(Stored dataset items)
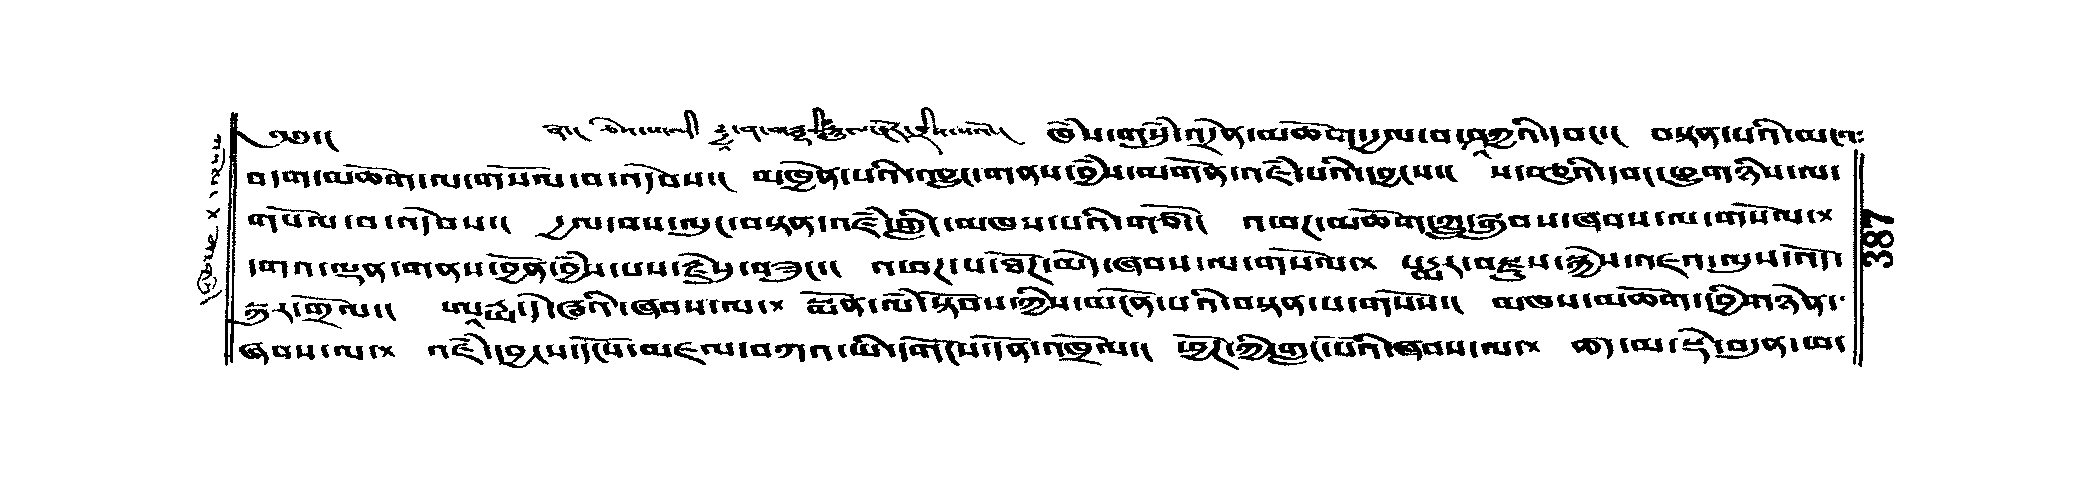ནོ།། ཞེས་པ་འདི། དྱཱ་ན་གརྦྷའི་བསྐུལ་ངོར་བྲིས་པའོ།། ཁམས་གསུམ་འདྲེན་མཆོག་རྒྱལ་བ་ཤཱཀྱའི་དབང་། །བསྟན་པའི་མངའ་
བདག་མཆོག་ལ་གསོལ་བ་འདེབས། །མཁྱེན་པའི་འབྱུང་གནས་བྱམས་མགོན་འཇམ་པའི་དབྱངས། །ས་བཅུའི་དབང་ཕྱུག་གཉིས་ལ་
གསོལ་བ་འདེབས། །རྒྱལ་བས་ལུང་བསྟན་འཛམ་གླིང་མཁས་པའི་གཙོ། །འཕགས་མཆོག་ཀླུ་སྒྲུབ་ཞབས་ལ་གསོལ༴ །
དགའ་ལྡན་གནས་བྱོན་བྱམས་པས་རྗེས་སུ་བཟུང་། །འཕགས་པ་ཐོགས་མེད་ཞབས་ལ་གསོལ༴ །པདྨར་བརྫུས་སྐྱེས་འཇའ་ལུས་འོད་
སྐུར་གྲོལ། །ཨཱརྻ་དེ་ཝའི་ཞབས་ལ༴ །སྨོན་ལམ་སྟོབས་ཀྱིས་མངོན་པའི་བསྟན་པ་གསོས། །མཁས་མཆོག་དབྱིག་གཉེན་
ཞབས་ལ༴ །འཇམ་དབྱངས་དངོས་མཇལ་བཀའ་ཡི་དགོངས་དོན་འཁྲོལ། །ཕྱོགས་ཀྱི་གླང་པོའི་ཞབས་ལ༴།ཚད་མ་སྡེ་བདུན་ཕ་
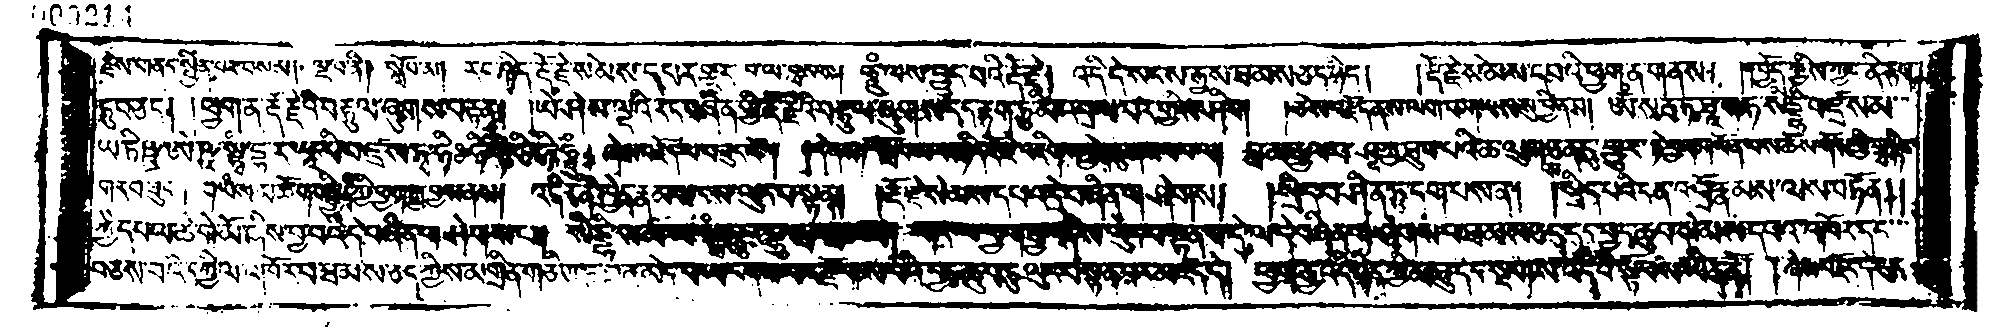རྗེས་གནང་སྦྱིན་པར་བསམ། ལྔ་པ་ནི། སློབ་མ། རང་ཉིད་རྡོ་རྗེ་སེམས་དཔར་གྱུར་བ་ལ་བླ་མས།  ཧཱུཾ་ལས་བྱུང་བའི་རྡོ་རྗེ། འདི་དེ་སངས་རྒྱས་ཐམས་ཅད་ཉིད། །རྡོ་རྗེ་སེམས་དཔའི་ཕྱག་ན་གནས། །ཁྱོད་ཀྱིས་ཀྱང་ནི་རྟག་
ཏུ་བཅད། །ཕྱག་ན་རྡོ་རྗེའི་བརྟུལ་ཞུགས་བརྟན། །ཡེ་ཤེས་ལྔའི་རང་བཞིན་གྱི་རྡོ་རྗེའི་བརྟུལ་ཞུགས་དང་རྟག་ཏུ་མི་འབྲལ་བར་གྱིས་ཤིག ། ཅེས་བརྗོད་ནས་ལག་པ་གཡས་སུ་བྱིན་པ།  ཨོཾ་སརྦ་ཏ་ཐཱ་ག་ཏ་སིདྡྷི་བཛྲ་ས་མ་
ཡ་ཏིཥྚྷ་ཨེ་ཥཱ་སྟྭཾ་དྷ་ར་ཡཱ་མི་བཛྲ་ས་ཏྭ་ཧིཿ ཧི་ཧི་ཧི་ཧི་ཧཱུཾ། ཞེས་བརྗོད་ལ་བཟུང་ངོ། །དེ་ནས། སློབ་མ་རང་ཉིད་རྡོ་རྗེ་འཇིགས་བྱེད་དུ་གསལ་བ་ལ།  བླ་མ་རྒྱལ་བ་ཤཱ་ཀྱ་ཐུབ་པའི་ཆ་ལུགས་ཅན་དུ་གྱུར་ཏེ་ཕྱག་གཡོན་བས་ཆོས་གོས་ཀྱི་གྲྭ་སྙིང་
གར་བཟུང་། གཡིས་མཆོག་སྦྱིན་གྱི་ཕྱག་རྒྱ་བྱས་ནས། འདིར་ནི་ཁྱེད་རྣམས་ངས་ལུང་བསྟན། །རྡོ་རྗེ་སེམས་དཔའ་དེ་བཞིན་གཤེགས། །སྲིད་པ་ཤིན་ཏུ་དག་པས་ན། །སྲིད་པའི་ངན་འགྲོ་རྣམས་ལས་བཏོན།།
ཀྱཻ་དཔལ་ཆེ་གེ་མོ་ཞིས་བྱ་བའི་དེ་བཞིན་གཤེགས་པ། སིདྡྷི་ས་མ་ཡ་སྟྭཾ་བྷུར་བྷུ་རྦ་སྦཿ ཨ། གང་ལ་ཕྱག་རྒྱ་འདིས་ལུང་བསྟན་པ་དེ་ལ་དེ་བཞིན་གཤེགས་པ་ཐམས་ཅད་དང་བྱང་ཆུབ་སེམས་དཔའ་འཁོར་དང་
བཅས་པའི་དཀྱིལ་འཁོར་བ་ཐམས་ཅད་ཀྱིས་མགྲིན་གཅིག་ཏུ་བླ་ན་མེད་པ་ཡང་དག་པར་རྫོགས་པའི་བྱང་ཆུབ་ཏུ་ལུང་བསྟན་པར་མཛད་དེ། ཕྱག་རྒྱ་འདི་ཉིད་ཀྱི་མཐུ་དང་སྔགས་འདིའི་སྟོབས་ཡིན་ནོ། །ཞེས་བརྗོད་དེ་ལུང་

### [EXERCISE BRIEF]
When copying from the data above, begin at the line containing "རྗེས་གནང་སྦྱིན་པར་བསམ། ལྔ་པ་ནི། སློབ་མ།" and end at the line containing "ཧི་ཧི་ཧི་ཧི་ཧཱུཾ། ཞེས་བརྗོད་ལ་བཟུང་ངོ། །དེ་ནས།"; return those lines exactly and leave all pictures behind.

### [TASK OUTPUT]
རྗེས་གནང་སྦྱིན་པར་བསམ། ལྔ་པ་ནི། སློབ་མ། རང་ཉིད་རྡོ་རྗེ་སེམས་དཔར་གྱུར་བ་ལ་བླ་མས།  ཧཱུཾ་ལས་བྱུང་བའི་རྡོ་རྗེ། འདི་དེ་སངས་རྒྱས་ཐམས་ཅད་ཉིད། །རྡོ་རྗེ་སེམས་དཔའི་ཕྱག་ན་གནས། །ཁྱོད་ཀྱིས་ཀྱང་ནི་རྟག་
ཏུ་བཅད། །ཕྱག་ན་རྡོ་རྗེའི་བརྟུལ་ཞུགས་བརྟན། །ཡེ་ཤེས་ལྔའི་རང་བཞིན་གྱི་རྡོ་རྗེའི་བརྟུལ་ཞུགས་དང་རྟག་ཏུ་མི་འབྲལ་བར་གྱིས་ཤིག ། ཅེས་བརྗོད་ནས་ལག་པ་གཡས་སུ་བྱིན་པ།  ཨོཾ་སརྦ་ཏ་ཐཱ་ག་ཏ་སིདྡྷི་བཛྲ་ས་མ་
ཡ་ཏིཥྚྷ་ཨེ་ཥཱ་སྟྭཾ་དྷ་ར་ཡཱ་མི་བཛྲ་ས་ཏྭ་ཧིཿ ཧི་ཧི་ཧི་ཧི་ཧཱུཾ། ཞེས་བརྗོད་ལ་བཟུང་ངོ། །དེ་ནས། སློབ་མ་རང་ཉིད་རྡོ་རྗེ་འཇིགས་བྱེད་དུ་གསལ་བ་ལ།  བླ་མ་རྒྱལ་བ་ཤཱ་ཀྱ་ཐུབ་པའི་ཆ་ལུགས་ཅན་དུ་གྱུར་ཏེ་ཕྱག་གཡོན་བས་ཆོས་གོས་ཀྱི་གྲྭ་སྙིང་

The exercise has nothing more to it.